We assess Putin, his advisers, and the Russian Government developed a clear preference for President-elect Trump over Secretary Clinton.
...
We assess the influence campaign aspired to help President-elect Trump’s chances of victory when possible by discrediting Secretary Clinton and publicly contrasting her unfavorably to the President-elect. When it appeared to Moscow that Secretary Clinton was likely to win the presidency the Russian influence campaign focused more on undercutting Secretary Clinton’s legitimacy and crippling her presidency from its start, including by impugning the fairness of the election.
...
We assess Russian intelligence services collected against the US primary campaigns, think tanks, and lobbying groups they viewed as likely to shape future US policies. In July 2015, Russian intelligence gained access to Democratic National Committee (DNC) networks and maintained that access until at least June 2016.
...
We assess with high confidence that the GRU used the Guccifer 2.0 persona, DCLeaks.com, and WikiLeaks to release US victim data obtained in'cyber operations publicly and in exclusives to media outlets.
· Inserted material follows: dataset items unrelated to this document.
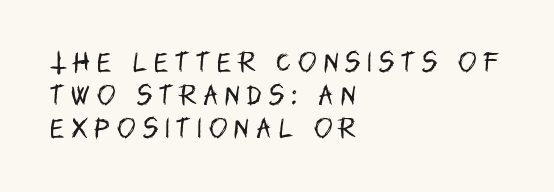
Q: Is the text bold? A: No.
Q: Is the text italic (slanted)? A: No, it is upright.
Q: Is the text underlined? A: No.
Q: How is the paragraph aligned? A: Left-aligned.
Q: Is the spacing between letters normal or unusually wide? A: Unusually wide.
Q: Is the spacing between lines tight, normal or loose? A: Normal.
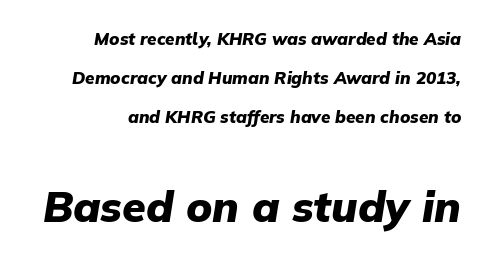
The passage shown stacks its lines with a broad gap. Letter spacing: default. This is heavy type, rendered in bold. This sample has the flowing, uneven cadence of proportional lettering. The letters in the lower block stand taller than those in the block above.
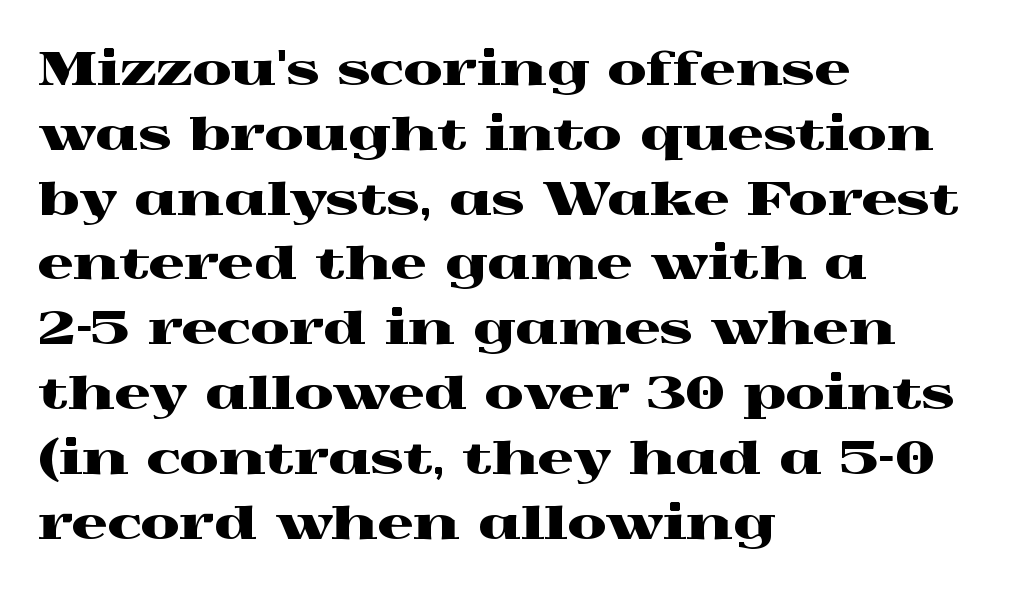
The image shows 45 px wide serif type, upright; set left-aligned, normal line spacing (1.44x), normal letter spacing, not underlined; a medium x-height.
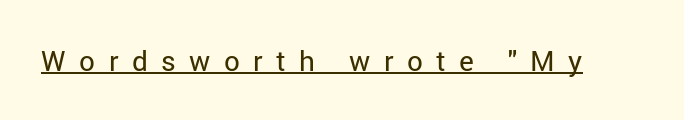
{"serif": "no", "italic": "no", "bold": "no", "weight": "regular", "width": "normal", "stroke_contrast": "low", "x_height": "medium", "monospaced": "no", "underline": "yes", "letter_spacing": "wide", "letter_spacing_em": 0.48, "glyph_px": 28}

We assess with high confidence that the GRU relayed material it acquired from the DNC and senior Democratic officials to WikiLeaks.
Only one high confidence assessment that is a bombshell: that the campaign was ordered by Putin directly. The only of assessment with high confidence is providing the material to Wikileaks, which was assumed. Disappointment on the lack of any assessment at all on affect of Russian actions on the outcome of the election.